2024年07月17日 08時30分00秒 | 記事


パネルディスカッションに参加した野口、枝曾丸、
三浦、酒本各氏(左から)


 御坊市制70周年記念特別事業「ごぼう防災ゼミ」は14日、市民文化会館で開かれ、1千人(主催者発表)が来場。アルピニストの野口健氏を招いた基調講演、落語家の桂枝曾丸氏による防災落語、パネルディスカッションをはじめ、合唱や体操、VR火災体験、避難所設営デモ、起震車体験など各種イベントが行われ、防災についての正しい知識をゼミ形式で学んだ。

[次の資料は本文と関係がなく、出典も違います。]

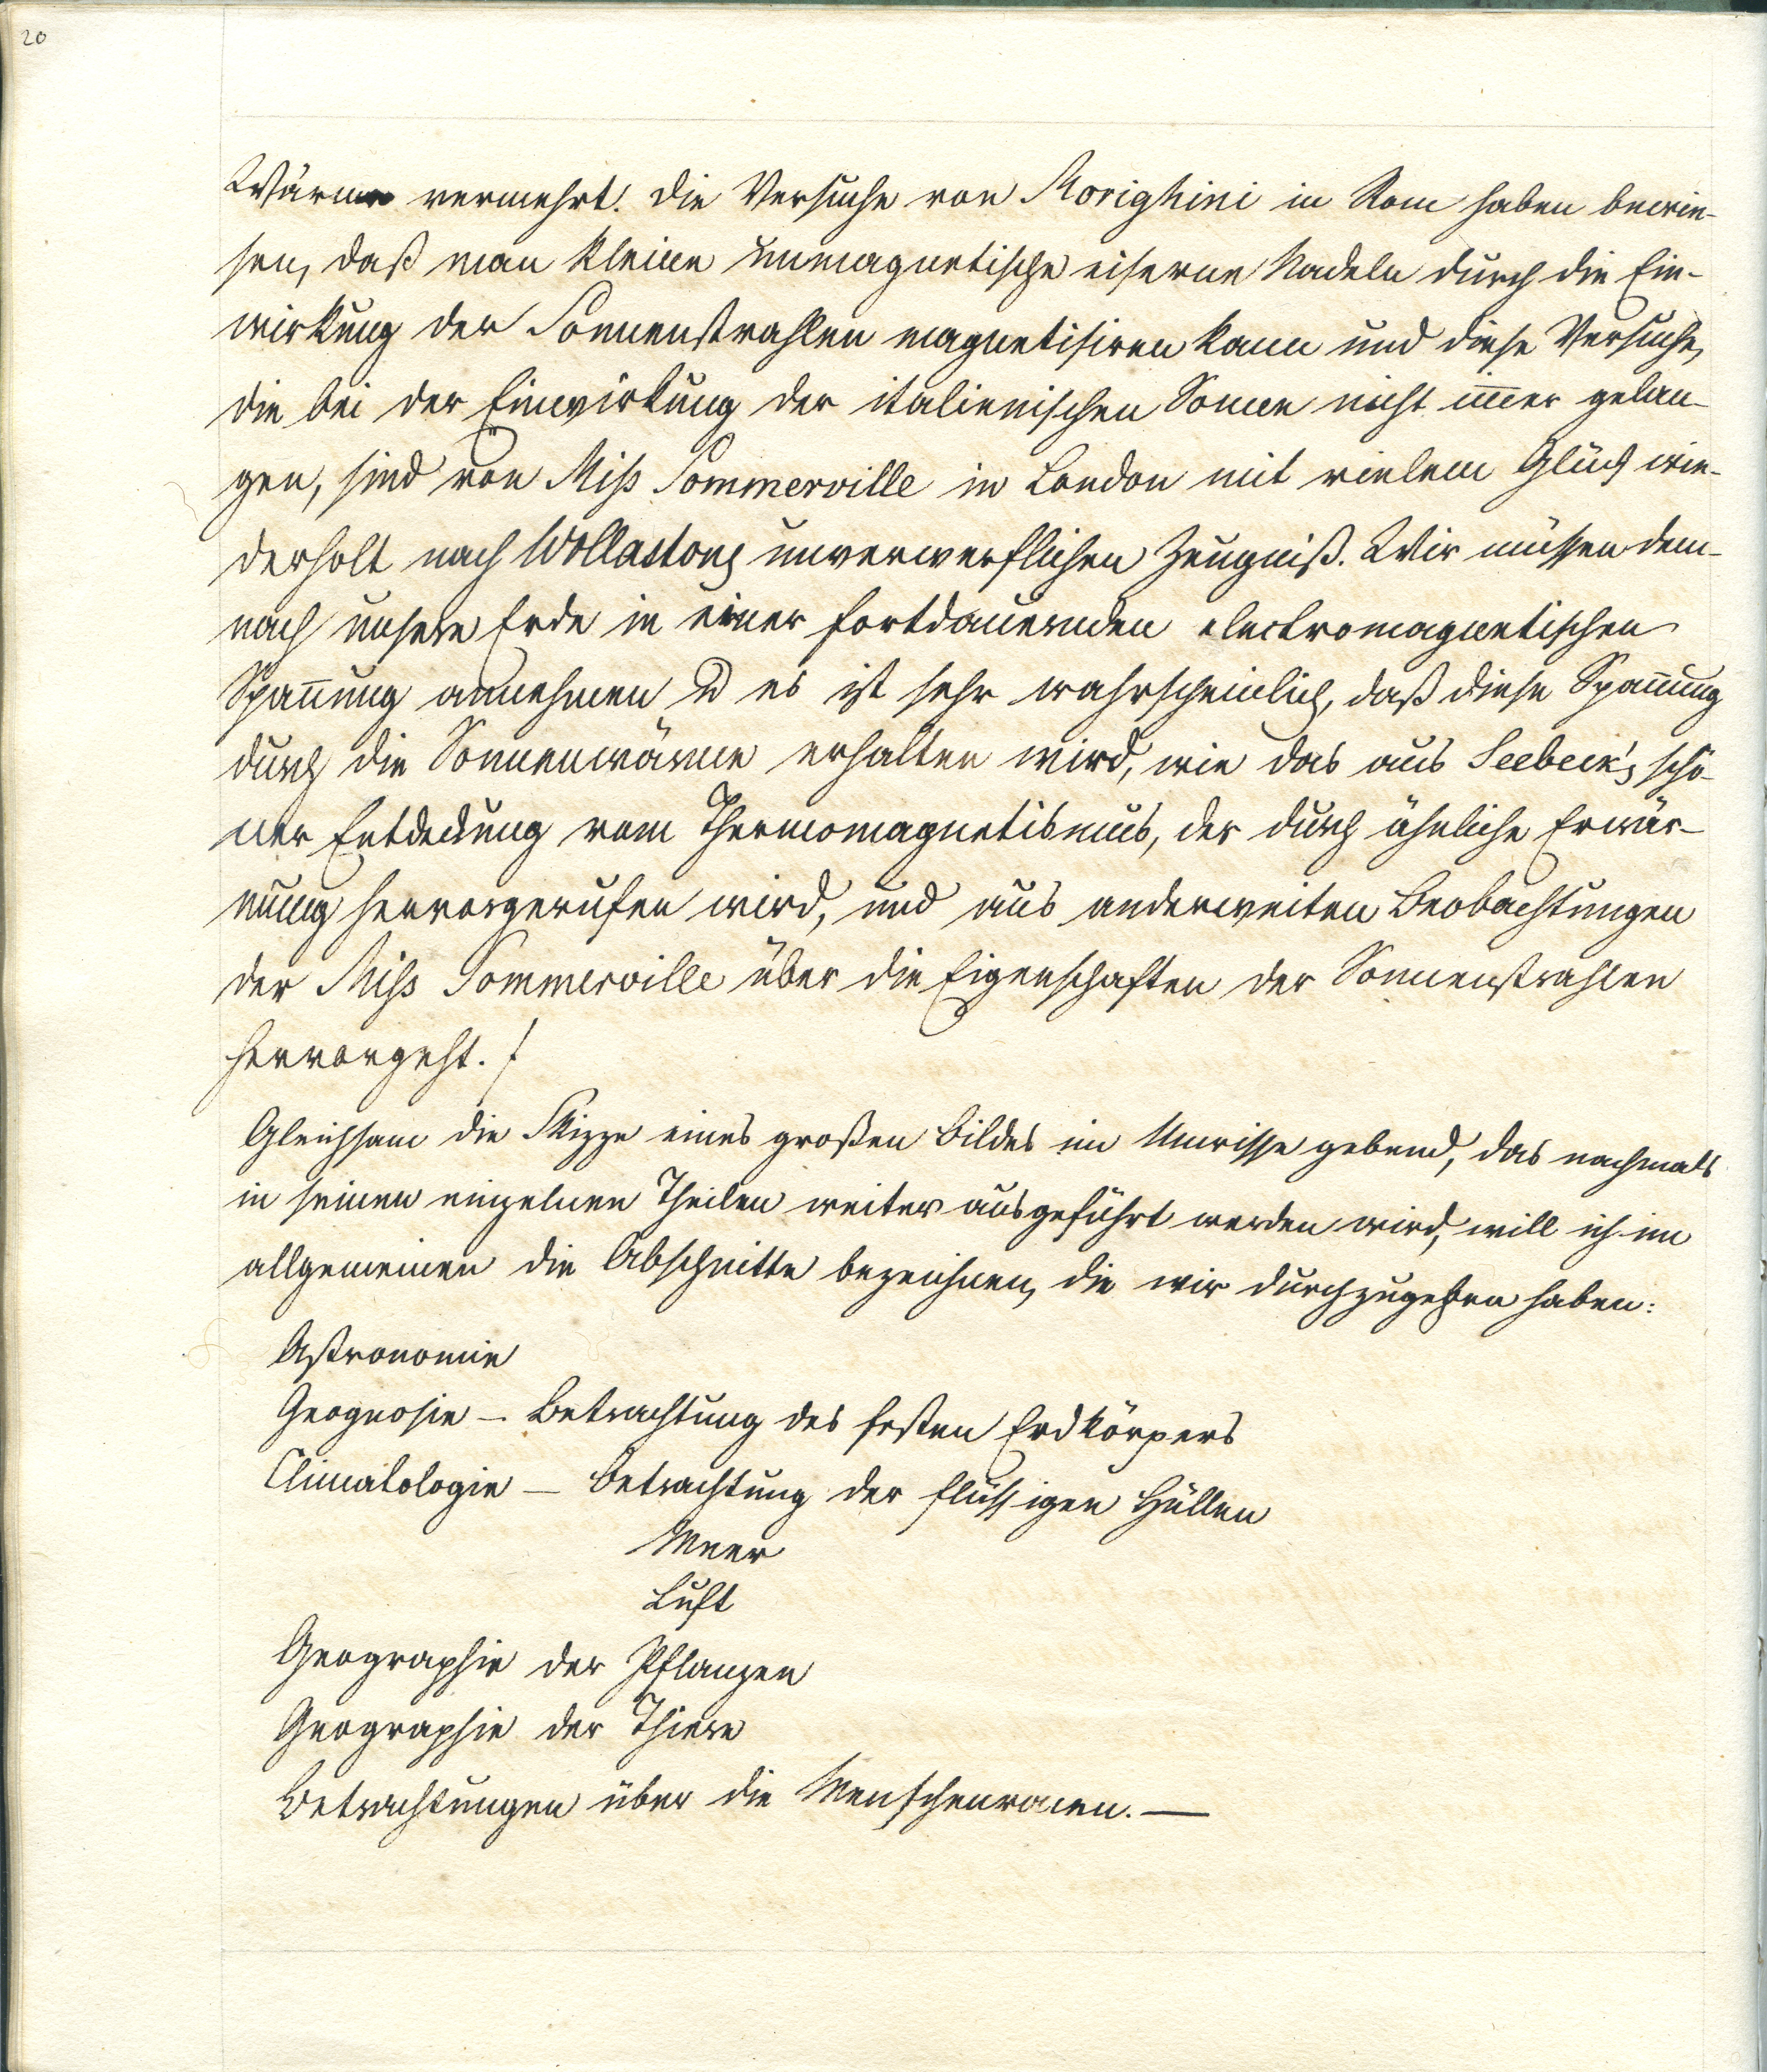20
Wärm[e] vermehrt. Die Versuche von Morighini in Rom haben bewie-
sen, daß man kleine unmagnetische eiserne Nadeln durch die Ein-
wirkung der Sonnenstrahlen magnetisiren kann und diese Versuche,
die bei der Einwirkung der italienischen Sonne nicht immer gelan-
gen, sind von Miss Sommerville in London mit vielem Glück wie-
derholt nach Wollastons unverwerflichen Zeugniß. Wir müssen dem-
nach unsere Erde in einer fortdauernden electromagnetischen
Spannung annehmen u es ist sehr wahrscheinlich, daß diese Spannung
durch die Sonnenwärme erhalten wird, wie das aus Seebeck's schö-
ner Entdeckung vom Thermomagnetismus, der durch ähnliche Erwär-
mung hervorgerufen wird, und aus anderweiten Beobachtungen
der Miss Sommerville über die Eigenschaften der Sonnenstrahlen
hervorgeht.)
Gleichsam die Skizze eines großen Bildes im Umrisse gebend, das nachmals
in seinen einzelnen Theilen weiter ausgeführt werden wird, will ich im
allgemeinen die Abschnitte bezeichnen, die wir durchzugehen haben:
Astronomie
Geognosie - Betrachtung des festen Erdkörpers
Climatologie - Betrachtung der flüssigen Hüllen
Meer
Luft
Geographie der Pflanzen
Geographie der Thiere
Betrachtungen über die Menschenracen. -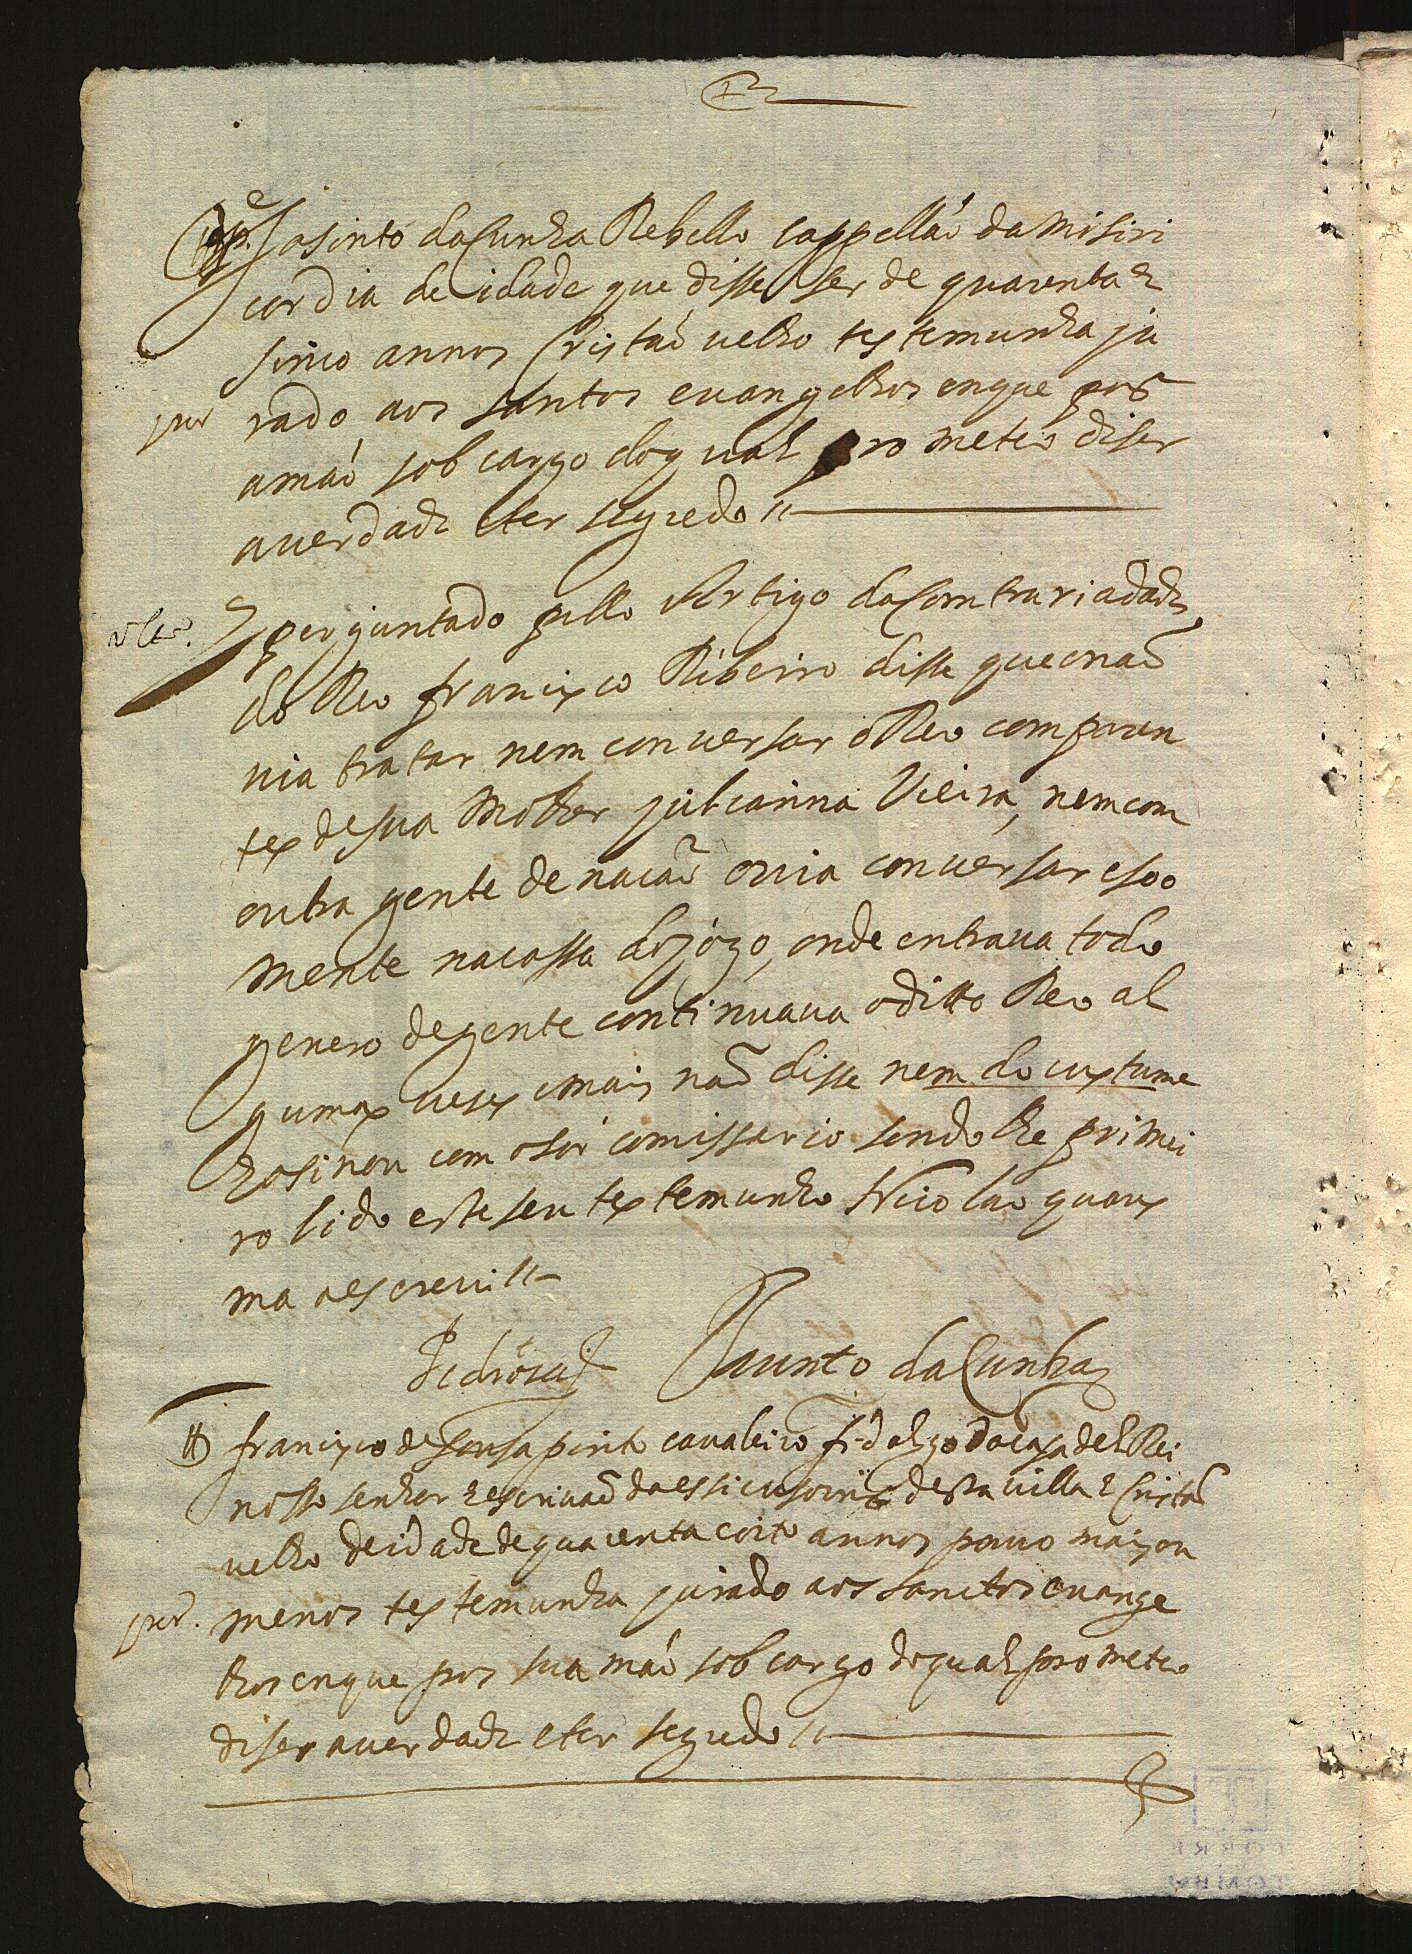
O p.e Jasinto da Cunha Rebelo cappellaõ da miseri
cordia de idade que disse ser de quarenta E
sinco annos Cristaõ uelho testemunha ju
rado aos santos euangelhos en que pos
a maõ sob cargo do qual prometeo diser
a uerdade e ter segredo //
E perguntado pello Artigo da Comtrariadade
do Reo francisco Ribeiro disse que o naõ
uia tratar nem conuersar o Reo com paren
tes de sua molher julianna Vieira, nem com
outra gente de nacaõ o uia conuersar e soo
mente na cassa do jogo, onde entraua todo
genero de gente continuaua o ditto Reo al
gumas ueses e mais naõ disse nem do custume
E asinou com o sor̄ comissario sendolhe primei
ro lido este seu testemunho Nicolao quares
ma a escreui //
item francisco de sousa pinto caualeiro fidalgo da casa del Rei
nosso senhor E escriuaõ da essicusoins desta uilla E Cristaõ
uelho de idade de quarenta e oito annos pouco mais ou
menos testemunha jurado aos sanctos euange
lhos en que pos sua maõ sob cargo do qual prometeo
diser a uerdade e ter segredo //
jur
vlta.
jur.

 パネルディスカッションは、本塚智貴・明石高専建築学科准教授をコーディネーターに、パネリストの野口氏、枝曾丸氏、三浦源吾市長、酒本和彦・市自主防災組織連絡協議会長が「近年の災害と地域防災」をテーマに意見を出し合った。
 野口氏は、全国各地での被災地支援の経験から「行政だけでは限界がある」とし、災害対策に特化した民間団体と協定を結ぶことを提案。災害をリアルに体験できる被災地ボランティアへの参加を促し、各家庭で日ごろから整理整頓を心がけるようアドバイス。災害発生時は「リーダーのメッセージがすごく大事」とも述べ、首長の素早い行動が迅速な支援につながった事例も紹介した。
 枝曾丸氏は地域コミュニティの力が重要とし「地域の活動、行事、祭りなどに参加してほしい。古き良き隣近所の付き合いを下の世代に伝えてほしい」と求めたほか、防災意識を向上させる手段としてAEDを設置している場所をめぐるスタンプラリー、地域の行事等に防災要素を取り入れるなどひとひねり、工夫をすることも大事と述べた。
 酒本会長は、訓練と呼ばずに楽しく防災を学べる防災まつりが大きな反響を呼んだこと、高齢者の体力づくりをめざす「ステキ体操GO!GO!GOBO」の普及、学校での防災教育導入など活動を紹介。災害時に発令される避難指示等が肩透かしにあっても、芝田求・西富安地区自主防災会長が語った「空振りではなく、素振り」と思ってほしいと意識改革を促した。
 三浦市長は市内3カ所の避難タワー整備、新庁舎開庁等でハード対策はほぼ終わり、今後は各家庭での家具固定や個別避難計画の策定、自主防災組織の連携強化と未設置地域での組織設立などソフト対策に力を入れると述べた。大規模地震発生当初は公助が期待できない場合が多く「家庭で最低3日分、できれば1週間分を備蓄するようお願いしたい」と協力を求めた。
 大ホールでは御坊少年少女合唱団がコーラスを披露。「ステキ体操GO!GO!GOBO」を実演し、枝曾丸氏が防災落語、小ホール等ではVR消火体験、避難所設営デモ、健康チェックコーナーなど。屋外で地震体験車、日本栄養士会キッチンカー、特殊車両展示などが行われた。

寝袋備蓄、テント村場所確保を
自然体験も推奨 野口氏が講演
 野口氏は「災害を生き抜くために~テント村という選択肢」をテーマに基調講演。全国から寄せられたテントや寝袋、寄付金をもとに自治体やボランティアの協力でテント村を開設した経験をもとに災害時の避難所のあり方を提言した。
 テント村は避難所と違って周囲に気兼ねすることなく、心身ともにほっとできる空間だとし、平成28年熊本地震では最大時で156世帯、571人がテント村に入居。専門家から「今後の被災地のモデルケースにすべき」との評価を受けており、野口氏は「準備は1日半でできるので、事前に開設場所を決めておいてほしい」と促した。
 また、避難所で寒さをしのげる寝袋について「自治体で備蓄してほしい。市民全員分を用意しなくても、それぞれの自治体が一定数持っていれば相互応援できる」と提言。地域住民には「生き抜く力を培うために家族でキャンプ体験、自然体験の機会を増やしてほしい」と求めた。